15 of History's Greatest Mad Scientists


When it comes to scientists, brilliance and eccentricity seem to go hand in hand. Some of the most innovative minds in human history have also been the strangest. From eccentric geniuses to the downright insane, here are some of history’s greatest mad scientists.


Born in Castle Frankenstein in 1673, Johann Conrad Dippel was a theologian, alchemist, and scientist who developed a popular dye called Prussian Blue that is still used to this day. But Dippel is better remembered for his more controversial experiments. He mixed animal bones and hides together in a stew he called “Dippel’s Oil,” which he claimed was an elixir that could extend the lifespan of anyone who consumed it. He also loved dissecting animals, and some believe he even stole human bodies from Castle Frankenstein. Dippel is often cited as an inspiration for Mary Shelley’s Frankenstein, though the claim remains controversial.


Another possible Frankenstein inspiration was mad scientist Giovanni Aldini, who among other strange experiments, was obsessed with the effects of electrocution. Aldini, who was something of a celebrity in the early 19th century, travelled Europe, demonstrating the powers of electricity. He was also one of the first scientists to treat mental patients with electric shocks. Though his methods were unconventional, Aldini was well respected in his time, and the emperor of Austria even made him a Knight of the Iron Crown. 


Nineteenth century theologian and paleontologist William Buckland was the first person to write a full description of a fossilized dinosaur, which he called the Megalosaurus. But though his work was admired, the early paleontologist had some pretty strange appetites: Buckland was obsessed with trying to eat his way through the entire animal kingdom. He claimed to have consumed mice, porpoises, panthers, bluebottle flies, and even the preserved heart of King Louis XIV.


Anyone who took high school math knows about the Pythagorean theorem. But they might not know that, in addition to being a brilliant mathematician, Pythagoras really hated eating beans. If that sounds more like a personal preference than a mark of madness, consider the fact that he not only avoided eating legumes, but that he went so far as to forbid his followers from eating them as well. It’s unclear where Pythagoras’s bean aversion came from, though some believe Pythagoras saw them as sacred. According to one legend, Pythagoras died when he was being pursued by a group of ruffians, but refused to seek refuge in a nearby bean field. 

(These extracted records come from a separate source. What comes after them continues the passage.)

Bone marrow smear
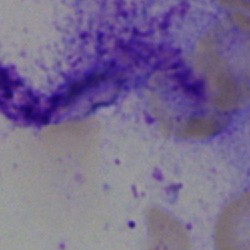

{"cell_type": "artefact"}
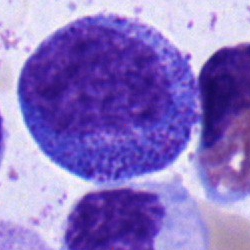Cell type — progranulocyte.
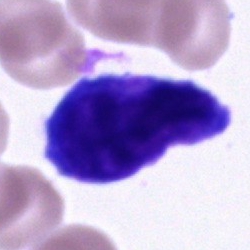

Showing a cell of indeterminate lineage.
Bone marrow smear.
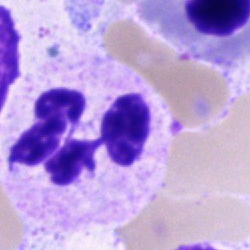
Morphology consistent with a neutrophil (segmented).
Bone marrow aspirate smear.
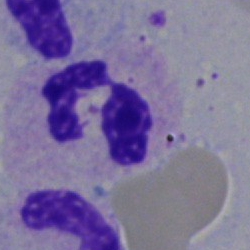Morphological class = neutrophil (segmented).
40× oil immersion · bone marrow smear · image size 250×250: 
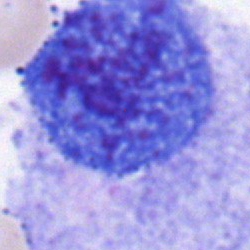The cell type is plasma cell.
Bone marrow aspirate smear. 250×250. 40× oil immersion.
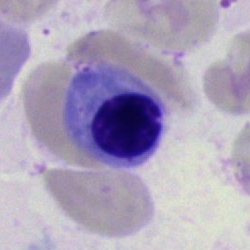The cell shown is a normoblast.
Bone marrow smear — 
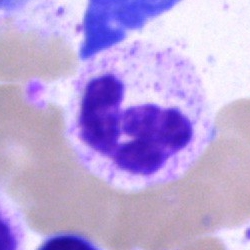

A neutrophil (segmented).
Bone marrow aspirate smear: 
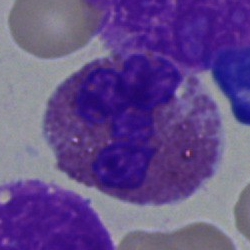The cell shown is an eosinophil.
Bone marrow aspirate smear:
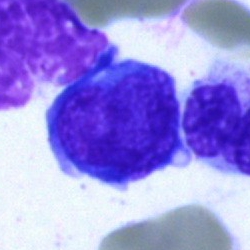

Showing an undifferentiated blast.
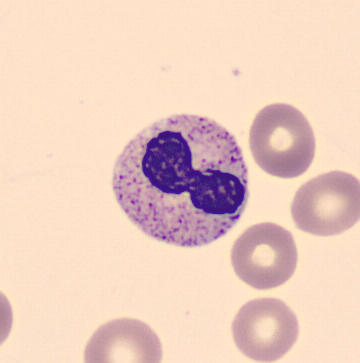Image: Peripheral blood smear.

Q: Which cell type is shown here?
A: It is a band-form neutrophil.
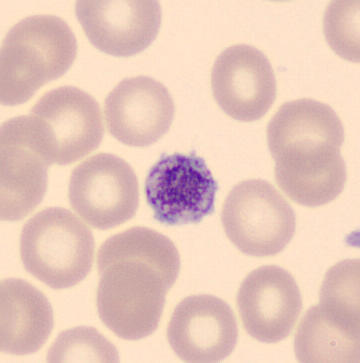Acquisition: Peripheral blood film. MGG-stained.
Morphological class — platelet (thrombocyte).
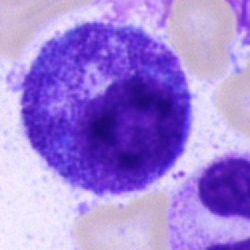
Q: Which cell type is shown here?
A: It is a progranulocyte.
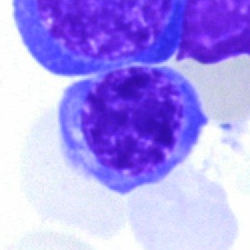
Single cell identified as an erythroblast.
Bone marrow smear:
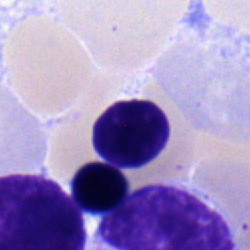

Morphological class = typical lymphocyte.
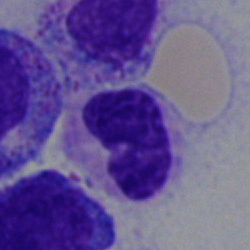
{"cell_type": "neutrophil (segmented)", "lineage": "myeloid"}
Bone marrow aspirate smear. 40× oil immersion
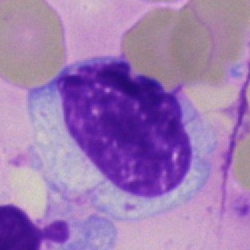 This is a lymphocyte.
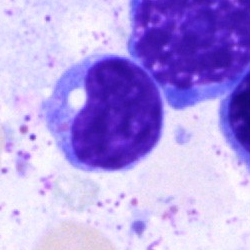 Typical lymphocyte.
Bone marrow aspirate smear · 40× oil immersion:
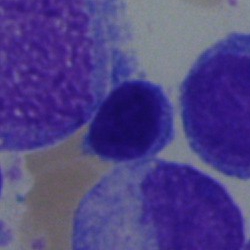

Cell type: typical lymphocyte.
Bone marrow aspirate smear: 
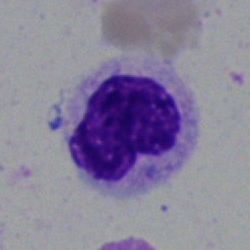
Single cell identified as a metamyelocyte.
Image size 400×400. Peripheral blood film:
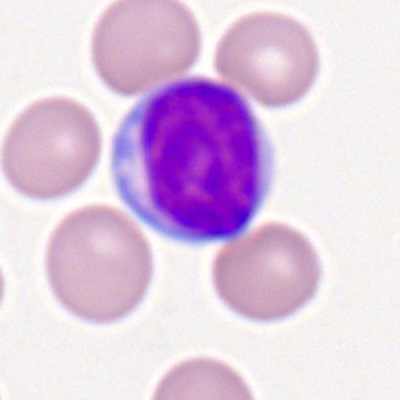The cell shown is a lymphocyte.
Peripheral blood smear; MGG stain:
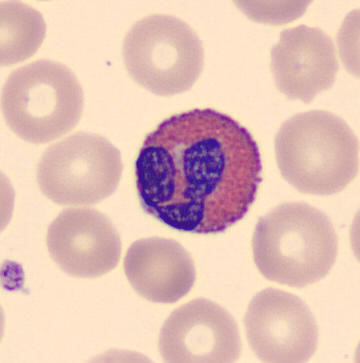

Morphology — eosinophilic granulocyte.
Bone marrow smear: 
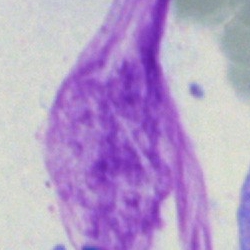 Cell — artifact.
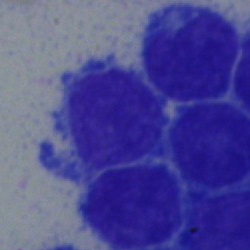 This is a lymphocyte.
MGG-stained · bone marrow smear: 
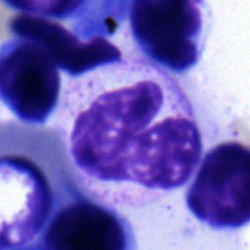

Cell type = stab cell.
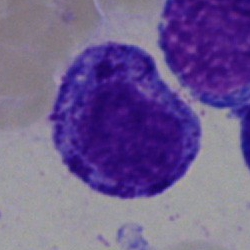
Single cell identified as a promyelocyte.
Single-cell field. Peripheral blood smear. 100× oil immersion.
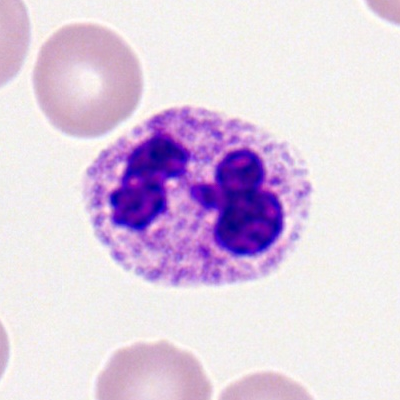
Q: What cell is this?
A: It is a polymorphonuclear neutrophil.
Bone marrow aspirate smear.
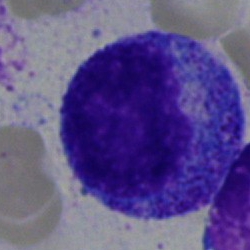Impression — progranulocyte.
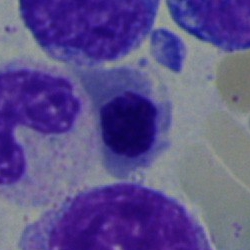
Morphology consistent with a nucleated red blood cell.
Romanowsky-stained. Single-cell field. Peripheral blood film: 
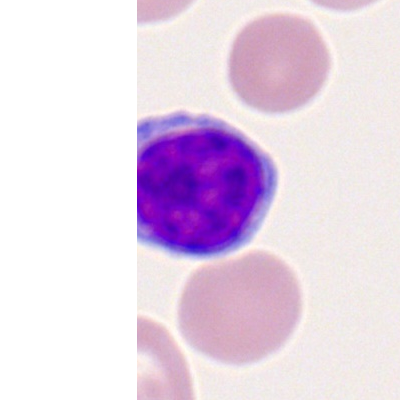 Morphology consistent with a typical lymphocyte.
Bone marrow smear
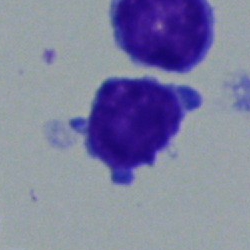 Classification — lymphocyte.
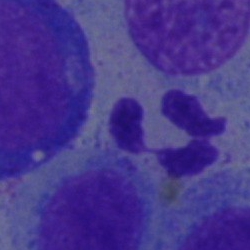

Cell type: polymorphonuclear neutrophil.
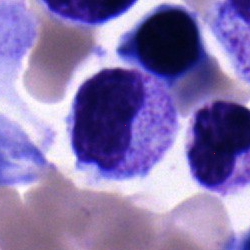

{"cell_type": "metamyelocyte"}
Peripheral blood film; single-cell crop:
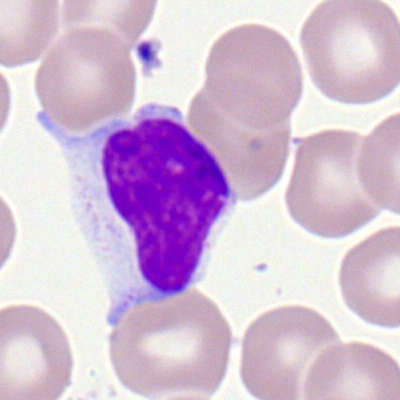 Classification: typical lymphocyte.
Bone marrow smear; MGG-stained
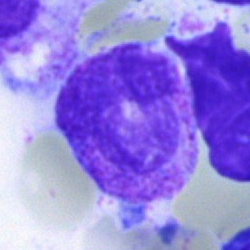 A myelocyte.
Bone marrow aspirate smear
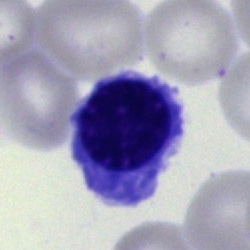 The cell type is normoblast.
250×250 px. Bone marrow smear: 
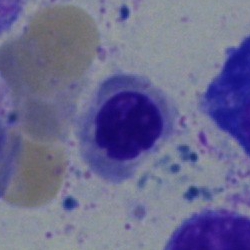Morphology → nucleated red cell.
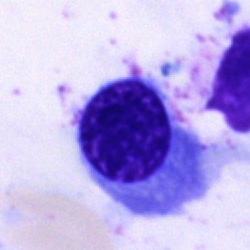
Q: Which cell type is shown here?
A: A nucleated red blood cell.
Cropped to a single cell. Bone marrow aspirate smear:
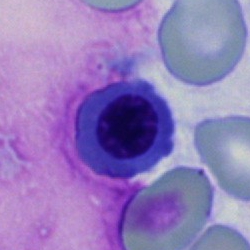 Classification = nucleated red blood cell.
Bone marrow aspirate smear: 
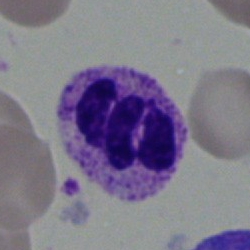

Q: Which cell type is shown here?
A: It is a neutrophil (segmented).
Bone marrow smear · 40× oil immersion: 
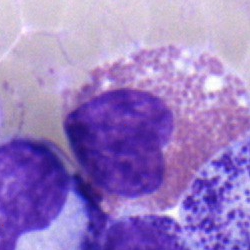 An eosinophilic granulocyte.
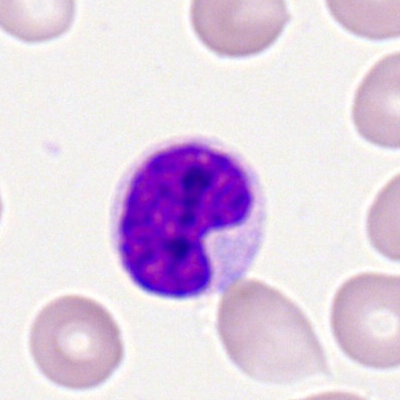

Cell type — typical lymphocyte.
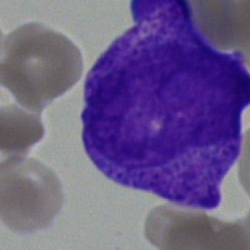 Cell type — blast cell.
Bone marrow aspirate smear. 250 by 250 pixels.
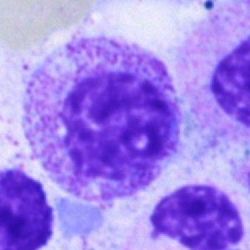
The cell shown is a myelocyte.
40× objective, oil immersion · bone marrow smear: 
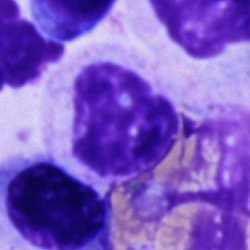

This is an unidentifiable cell.
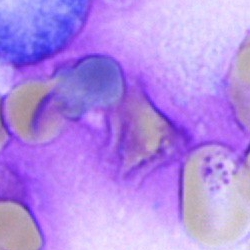{"cell_type": "artifact"}
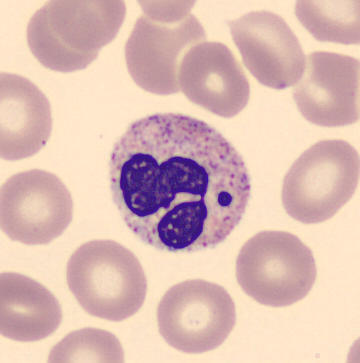
Preparation: Peripheral blood smear. Classification — polymorphonuclear neutrophil.
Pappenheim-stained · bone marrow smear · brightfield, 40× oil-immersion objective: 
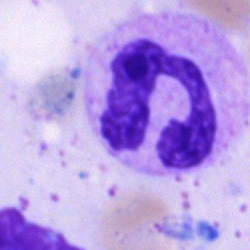 Classification: segmented neutrophil.
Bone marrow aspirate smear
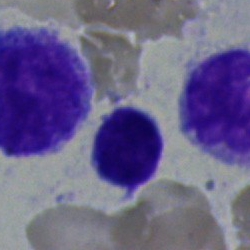

Morphology consistent with a typical lymphocyte.
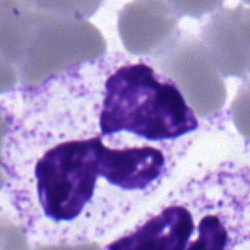Cell = neutrophil (segmented).
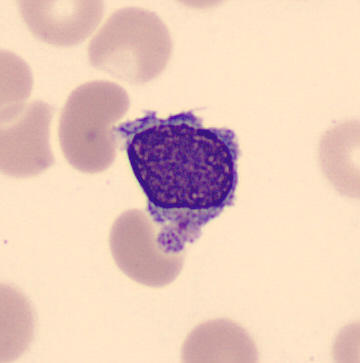

This is a typical lymphocyte.

Acquisition: Peripheral blood film. MGG stain. 360×363 px.
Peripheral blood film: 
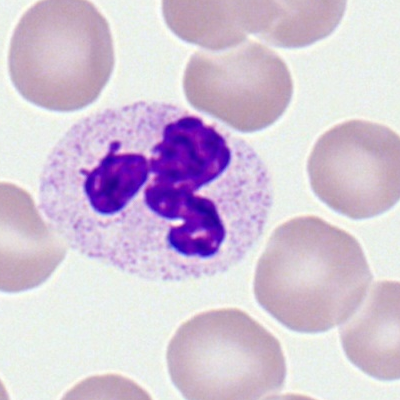 Single cell identified as a neutrophil (segmented).
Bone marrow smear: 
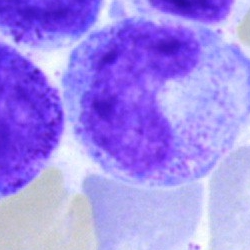 Q: Identify the cell.
A: This is a metamyelocyte.
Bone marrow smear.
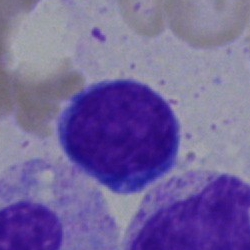
Impression — typical lymphocyte.
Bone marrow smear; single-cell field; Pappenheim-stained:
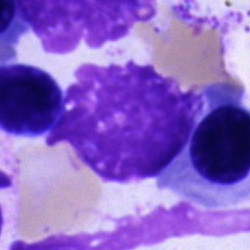 This is a cell of indeterminate lineage.
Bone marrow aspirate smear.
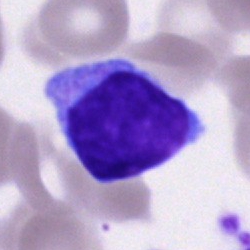Morphology consistent with a typical lymphocyte.
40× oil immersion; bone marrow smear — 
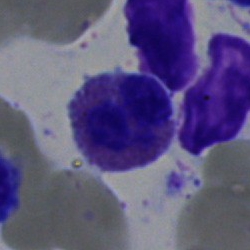
Classification = eosinophilic granulocyte.
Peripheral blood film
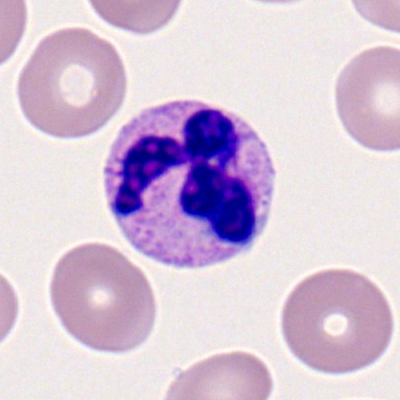

Cell = segmented neutrophil.
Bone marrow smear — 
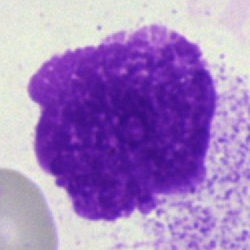

An artefact.
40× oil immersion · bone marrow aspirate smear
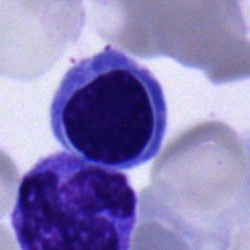 Showing a lymphocyte.
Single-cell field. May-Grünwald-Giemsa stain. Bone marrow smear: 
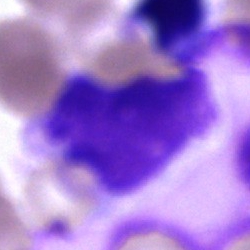 The cell shown is an artifact.
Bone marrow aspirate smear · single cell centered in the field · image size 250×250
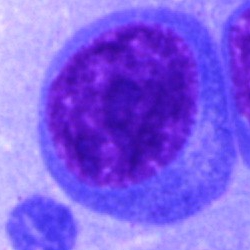
Q: Identify the cell.
A: A plasma cell.
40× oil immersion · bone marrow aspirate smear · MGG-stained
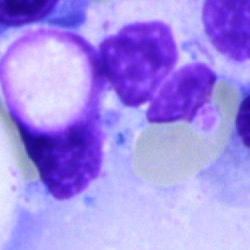 Morphological class: artefact.
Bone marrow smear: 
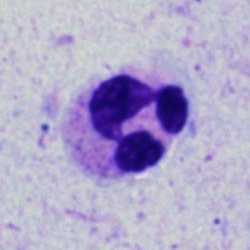 A segmented neutrophil.
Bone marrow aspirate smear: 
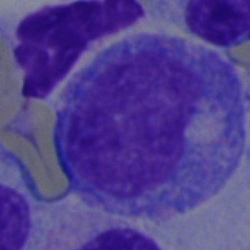

Specimen: bone marrow smear.
Cell type: promyelocyte.
Lineage: myeloid.
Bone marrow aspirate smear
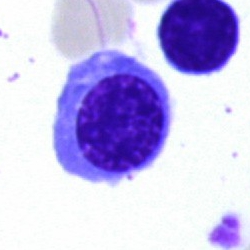
Morphology → normoblast.
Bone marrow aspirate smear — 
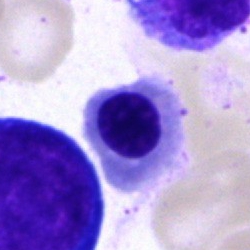

Morphology → nucleated red blood cell.
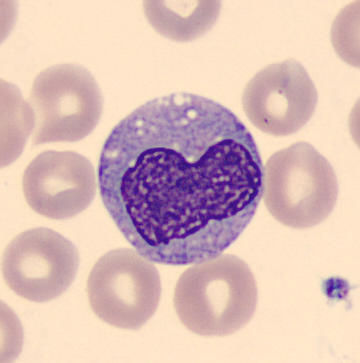 Peripheral blood smear.
Q: What is the morphological classification of this cell?
A: It is a monocyte.
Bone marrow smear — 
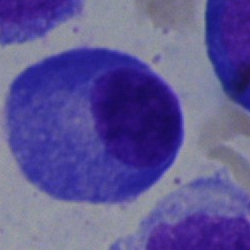

Morphological class: plasmacyte.
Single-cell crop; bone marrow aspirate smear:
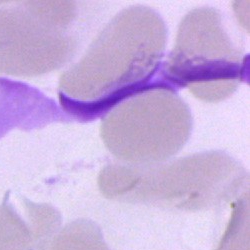 The cell is artefact.
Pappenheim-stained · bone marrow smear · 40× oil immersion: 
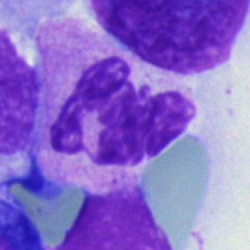The cell type is neutrophil (segmented).
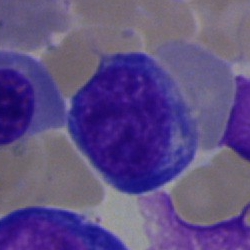{"cell_type": "lymphocyte"}
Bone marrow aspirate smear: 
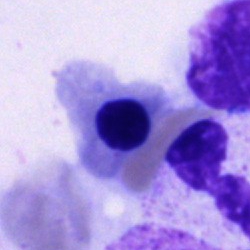 Q: What cell is this?
A: It is an erythroblast.
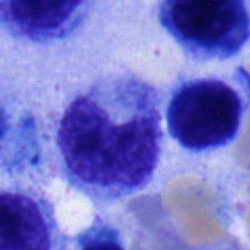

Specimen: bone marrow aspirate smear.
Cell: monocyte.
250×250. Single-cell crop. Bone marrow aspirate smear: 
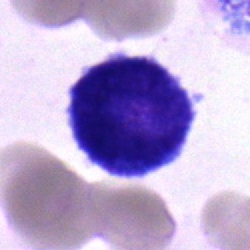

Undifferentiated blast.
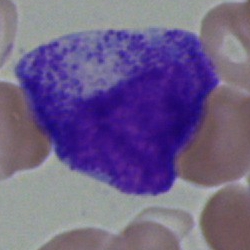
The cell shown is a myelocyte.
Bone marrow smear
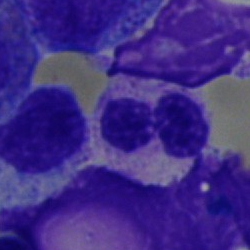

A segmented neutrophil.
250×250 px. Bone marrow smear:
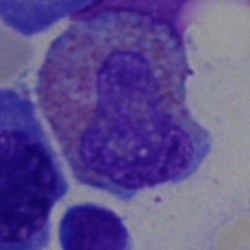 Specimen: bone marrow smear.
Classification: eosinophil.
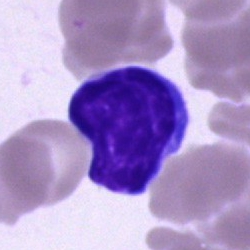
This is a typical lymphocyte.
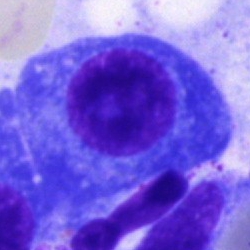Specimen: bone marrow smear.
Morphological class: plasmacyte.
Lineage: lymphoid.
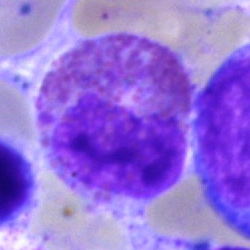

Q: What type of cell is this?
A: It is an eosinophilic granulocyte.
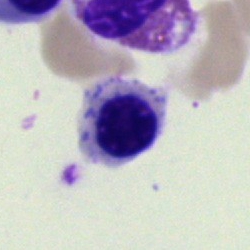

Classification: nucleated red blood cell.
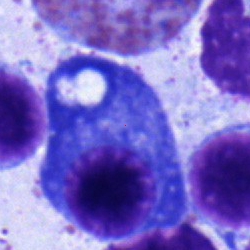

Morphological class: plasmacyte.
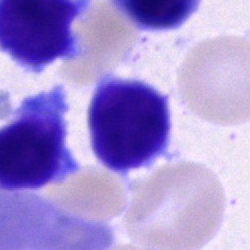 The cell shown is a lymphocyte.
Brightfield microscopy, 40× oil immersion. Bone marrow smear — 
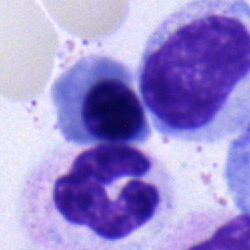This is a nucleated red cell.
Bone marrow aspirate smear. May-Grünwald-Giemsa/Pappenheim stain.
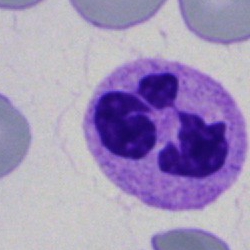 Polymorphonuclear neutrophil.
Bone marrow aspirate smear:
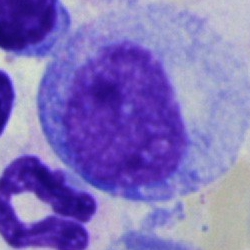 Cell type — promyelocyte.
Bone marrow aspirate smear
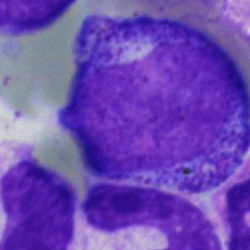This is a progranulocyte.
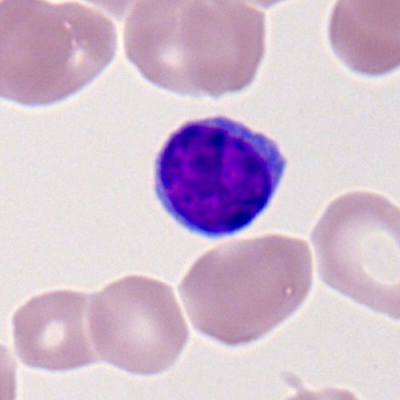Specimen: peripheral blood film.
Cell: lymphocyte.
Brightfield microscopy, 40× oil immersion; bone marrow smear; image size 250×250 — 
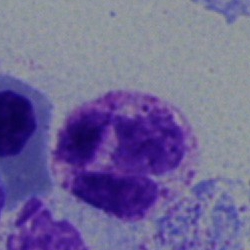

Cell type = basophilic granulocyte.
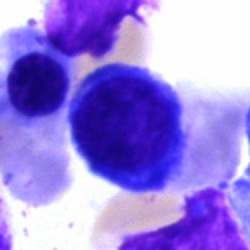

Single-cell crop from a bone marrow smear: erythroblast.
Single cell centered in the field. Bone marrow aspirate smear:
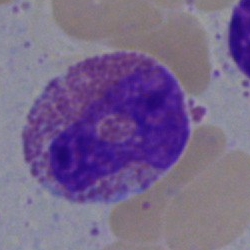
The cell shown is an eosinophil.
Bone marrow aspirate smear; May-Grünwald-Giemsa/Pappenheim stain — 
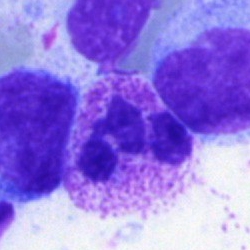 Showing a segmented neutrophil.

Eighteenth century engineer, astronomer, and professional tinkerer Benjamin Banneker is believed to have made the first clock built entirely in America. Banneker helped survey the boundaries of the area that would become Washington D.C., charted the stars and planets every night, predicted eclipses, and was one of America’s earliest African American scientists. How did he make time to do all that? By working all night, and sleeping only in the early hours of the morning, of course. The quirky scientist was said to spend each night wrapped in a cloak, lying under a pear tree, meditating on the revolutions of heavenly bodies. Instead of in a lab or office, the astronomer dozed where he could also (potentially) do work: beneath a tree. 


One of the most influential scientists in history, Isaac Newton was also one of the quirkiest. The physicist and mathematician was known to experiment on himself while studying optics, even going so far as to poke himself in the eye with a needle. He was also obsessed with the apocalypse and believed the world would end sometime after the year 2060. 


One of England’s first female natural philosophers, Margaret Cavendish was a controversial figure in the 17th century. An outspoken intellectual and prolific writer, she ruffled a few feathers among those who believed women had no place in the scientific community. As a result, Cavendish was often called “Mad Madge.” But though Cavendish wasn’t truly insane, she was more than a little socially inept. On one occasion, Cavendish was “pondering upon the natures of Mankind,” and decided to write down all of the positive qualities possessed by one of her friends on one piece of paper, and on another, all of the woman’s negative qualities. Cavendish then decided to send her friend the list of positive qualities, which she assumed would be appreciated. Unfortunately, Cavendish accidentally sent the wrong list, and received an outraged response from her friend. Cavendish also acted as her own physician, and likely died as a result of her refusal to seek outside medical care.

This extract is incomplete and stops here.